梳着三七分,发油蹭亮的原胜讲了这么多意识到:他孩子皱着眉头,估摸着还在信息处理当中。正好后来也没什么可讲的了,他从沐生的床边慢慢直起身,腰不好,刚才稍稍扭了一个弯对着她叙事就不舒服了。他挑着眉,重复一遍他说这么多的目的,并且更直白了一些,“你姐姐和你一样都是好孩子,可要比你精一些。你真诚待她,但不要总觉得对不起她、对她总是没意见的,别跟你妈年轻时候一样,你还小呢!”随即开了一玩笑,“要论你们出生的日子不对,那就都不对。有你们两的时候我都还没结婚!”
原沐生笑,粗神经和潜意识发挥作用,她做一个释然后的灿然模样,这是她愿意听到的真相。
时间一晃,原沐生的腿走路终于没问题时,高中就快要开学了。
新学校?她从没见过,没关系;高中报道?有人替她报,也无所谓。
可她极想参加军训。原欣说她脑子秀逗了。
原沐生委屈,觉得军训就像结婚。参照她爸爸说的婚姻像坟墓,却跳得极欢。是的,极欢,好不容易从一个坑里爬出来了,又迫不及待的跳到下一个坑,于是有了二婚。人都能理解跳两次坑,为毛没人理解她想准确无误的上两次军训......原沐生想的和一般人不一样,在她看来,军训代表开始,结婚代表感情,她要认真对待,因为无论多少次她都暂时没有,因而神圣。
原欣又一次来找她,这次没带大包,带了军训服。原沐生刚要拍心口说‘幸亏’,就见原欣慢条斯理地从衣服里掏出一本王子公主、浓墨重彩的五块五小说。
“欣姐,你下次不给我带这类书了好不好......”虽然不比大包里藏给她的书多,但她也实在没地方藏这青春小说了,那天藏在被单里,差点被阿姨洗被单给掀了。
原欣正要展示自己的迷彩服给她看,怔了怔,问她,“不会吧,他们还不知道你看这小说?”
“话说回来,就算看到了能怎样?顶多以为你思春。指不定知道你思春还能乐坏!”她取笑,声音小小,听着却半真半假。
原沐生嘴拙,又容易被原欣气势压着,低了头就不提了,摸着她的迷彩服倒是真高兴。她让原欣带给她看的,她参加不了军训,就想看别人的过眼瘾(军训强度偏大,骨科医生说她还不能过度运动,就连平时走路都要留份心眼)

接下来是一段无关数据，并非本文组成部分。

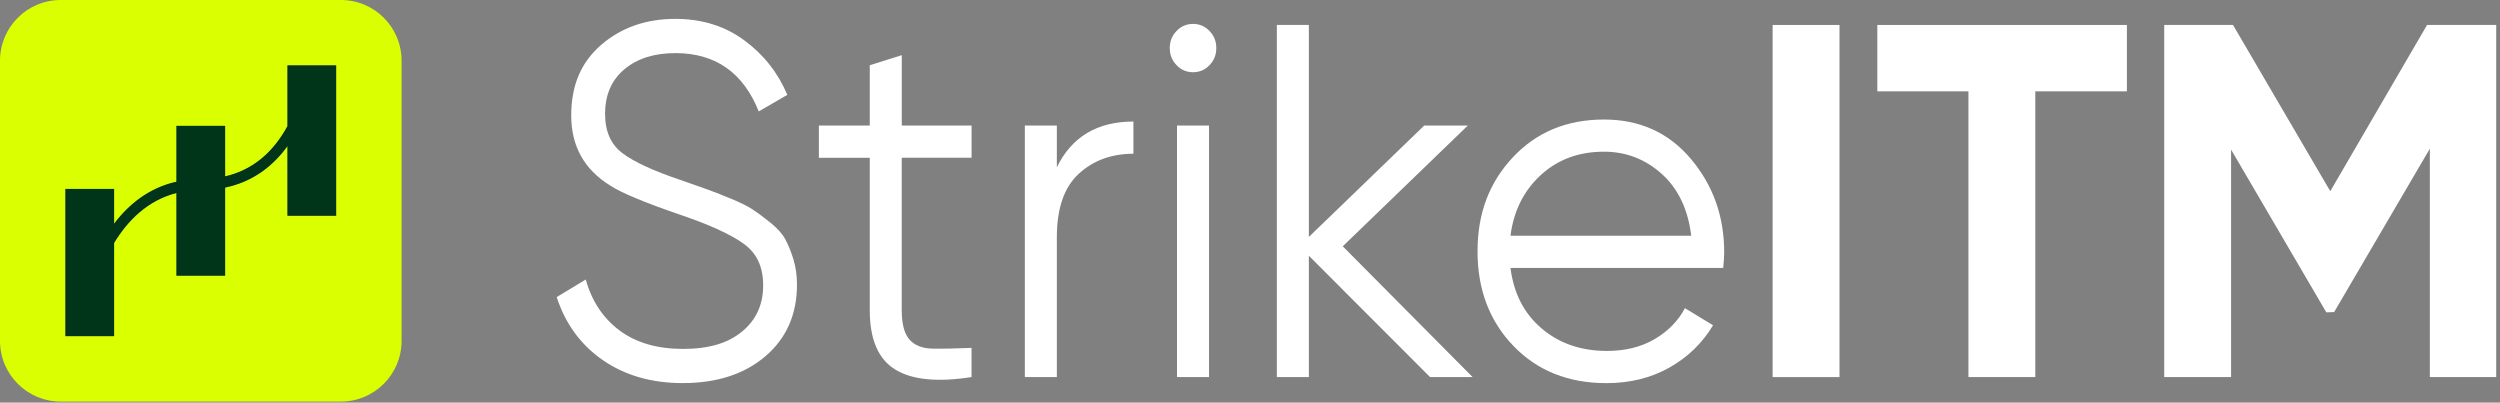 <svg xmlns="http://www.w3.org/2000/svg" width="621" height="100" viewBox="0 0 621 100" fill="none"><rect x="0" y="0" width="621" height="100" fill="#808080" stroke="none"/><g clip-path="url(#clip0_3_54)"><path d="M169.58 95.16C161.88 95.16 155.27 93.27 149.78 89.48C144.28 85.69 140.45 80.46 138.28 73.8L145.5 69.43C147.02 74.85 149.83 79.07 153.93 82.11C158.02 85.15 163.28 86.67 169.7 86.67C176.12 86.67 180.84 85.23 184.33 82.36C187.82 79.49 189.57 75.68 189.57 70.93C189.57 66.18 187.96 62.89 184.75 60.56C181.54 58.23 176.24 55.81 168.86 53.31C160.11 50.31 154.33 47.9 151.52 46.06C145.1 42.06 141.89 36.27 141.89 28.69C141.89 21.11 144.38 15.43 149.35 11.13C154.33 6.84 160.46 4.69 167.77 4.69C174.35 4.69 180.05 6.46 184.86 10C189.68 13.54 193.25 18.06 195.57 23.56L188.47 27.68C184.62 18.02 177.71 13.19 167.76 13.19C162.54 13.19 158.33 14.52 155.12 17.19C151.91 19.86 150.3 23.56 150.3 28.31C150.3 32.64 151.74 35.89 154.63 38.06C157.52 40.23 162.29 42.43 168.96 44.68C172.01 45.76 174.2 46.53 175.52 46.99C176.84 47.45 178.77 48.2 181.3 49.24C183.83 50.28 185.69 51.2 186.9 51.99C188.1 52.78 189.57 53.86 191.29 55.24C193.02 56.62 194.26 57.99 195.02 59.36C195.78 60.73 196.46 62.4 197.07 64.36C197.67 66.32 197.97 68.42 197.97 70.67C197.97 78.09 195.36 84.02 190.14 88.48C184.92 92.94 178.06 95.16 169.55 95.16H169.58Z" fill="white"></path><path d="M241.33 39.18H223.99V77.04C223.99 80.46 224.63 82.89 225.92 84.35C227.2 85.81 229.13 86.56 231.7 86.6C234.27 86.64 237.48 86.58 241.33 86.41V93.66C232.9 94.99 226.58 94.37 222.37 91.79C218.16 89.21 216.05 84.29 216.05 77.05V39.19H203.41V31.19H216.05V16.2L224 13.7V31.19H241.34V39.19L241.33 39.18Z" fill="white"></path><path d="M262.52 41.56C266.21 33.98 272.55 30.19 281.54 30.19V38.19C276.08 38.19 271.55 39.86 267.94 43.19C264.33 46.52 262.52 51.77 262.52 58.93V93.67H254.57V31.19H262.52V41.56Z" fill="white"></path><path d="M300.44 16.19C299.32 17.36 297.95 17.94 296.35 17.94C294.75 17.94 293.38 17.36 292.26 16.19C291.14 15.02 290.57 13.61 290.57 11.94C290.57 10.27 291.13 8.86 292.26 7.69C293.38 6.52 294.75 5.94 296.35 5.94C297.95 5.94 299.32 6.52 300.44 7.69C301.56 8.86 302.13 10.27 302.13 11.94C302.13 13.61 301.57 15.02 300.44 16.19ZM292.37 93.66V31.19H300.32V93.67H292.37V93.66Z" fill="white"></path><path d="M365.81 93.66H355.22L325.12 63.53V93.66H317.17V6.2H325.12V58.85L353.77 31.19H364.6L333.54 61.18L365.8 93.67L365.81 93.66Z" fill="white"></path><path d="M398.43 29.69C407.34 29.69 414.54 32.96 420.04 39.5C425.54 46.04 428.29 53.77 428.29 62.68C428.29 63.6 428.21 64.89 428.05 66.55H375.2C376 72.88 378.59 77.9 382.97 81.61C387.34 85.32 392.74 87.17 399.16 87.17C403.74 87.17 407.69 86.19 411.02 84.23C414.35 82.27 416.86 79.71 418.54 76.55L425.52 80.8C422.87 85.22 419.26 88.72 414.69 91.3C410.11 93.88 404.9 95.17 399.04 95.17C389.57 95.17 381.86 92.09 375.93 85.92C369.99 79.76 367.02 71.93 367.02 62.43C367.02 52.93 369.95 45.31 375.81 39.06C381.67 32.81 389.21 29.69 398.44 29.69H398.43ZM398.43 37.68C392.17 37.68 386.93 39.62 382.72 43.49C378.51 47.36 376 52.38 375.2 58.55H420.1C419.3 51.97 416.85 46.85 412.76 43.18C408.67 39.52 403.89 37.68 398.43 37.68Z" fill="white"></path><path d="M440.32 6.2H456.93V93.67H440.32V6.2Z" fill="white"></path><path d="M528.32 6.2V22.69H505.57V93.66H488.96V22.69H466.33V6.2H528.33H528.32Z" fill="white"></path><path d="M620.06 6.2V93.67H603.57V36.94L579.8 77.52L577.86 77.59L554.2 37.16V93.67H537.59V6.2H554.68L578.84 47.5L602.88 6.2H620.04H620.06Z" fill="white"></path><path d="M84.68 0H15.07C6.75 0 0 6.74 0 15.07V84.68C0 93 6.75 99.75 15.07 99.75H84.68C93 99.75 99.75 93 99.75 84.68V15.07C99.75 6.74 93 0 84.68 0ZM83.5 53.59H71.41V36.27C68.01 40.99 63.07 45.09 55.92 46.59V68.48H43.83V47.93C36.74 49.74 31.78 54.68 28.34 60.33V83.49H16.25V46.93H28.34V55.58C32.05 50.68 37.07 46.66 43.83 45.14V31.26H55.92V43.82C62.52 42.3 67.72 38.12 71.41 31.33V16.25H83.5V53.59Z" fill="#DAFF00"></path><path d="M83.5 16.25V53.59H71.41V36.27C68.01 40.99 63.07 45.09 55.92 46.59V68.48H43.83V47.93C36.74 49.74 31.78 54.68 28.34 60.33V83.49H16.25V46.93H28.34V55.58C32.05 50.68 37.07 46.66 43.83 45.14V31.26H55.92V43.82C62.52 42.3 67.72 38.12 71.41 31.33V16.25H83.5Z" fill="#00351A"></path></g><defs><clipPath id="clip0_3_54"><rect width="620.06" height="99.75" fill="white"></rect></clipPath></defs></svg>

原欣看着沐生清秀的瓜子脸上满是羡慕的神态,不禁扶额,觉得丫真是没得救了。天知道,她多么希望骨折的是她,听C中的师姐们说了,军训那日子,那太阳,哪是人过的?
你不想要的,不想做的,不想生活的,或许别人想要,想做,想生活。可每个人自出生便有命格,也像是有一条只有自己能走的路,别人不容易跨进来。你不想走了给别人走,哪有那么好的事?!所以多无奈!
原欣没叽叽喳喳,沐生也安静。她判断了一下周围动静,最后,从裤子口袋里掏出了被压得很平很平的折纸。纸摊开,老长的条儿,上面是电脑打印的数字和字,密密麻麻。
原沐生瞪大双眼皮眼睛看着上面她背的滚瓜烂熟的孤儿院七位号码和她与周樟的一些对话,再抬眼,原欣看着她不明意味,音调接近无声,“我无意发现的,你是想害死谁?”
原沐生还没反应过来,原欣便拍拍她笑了,“下次别这样了。说,我军训后恰巧你生日,你想咋过?”
细想了几秒,她摇摇头,“随便......”是随便。不是大事,毕竟正常人一生有那么多生日。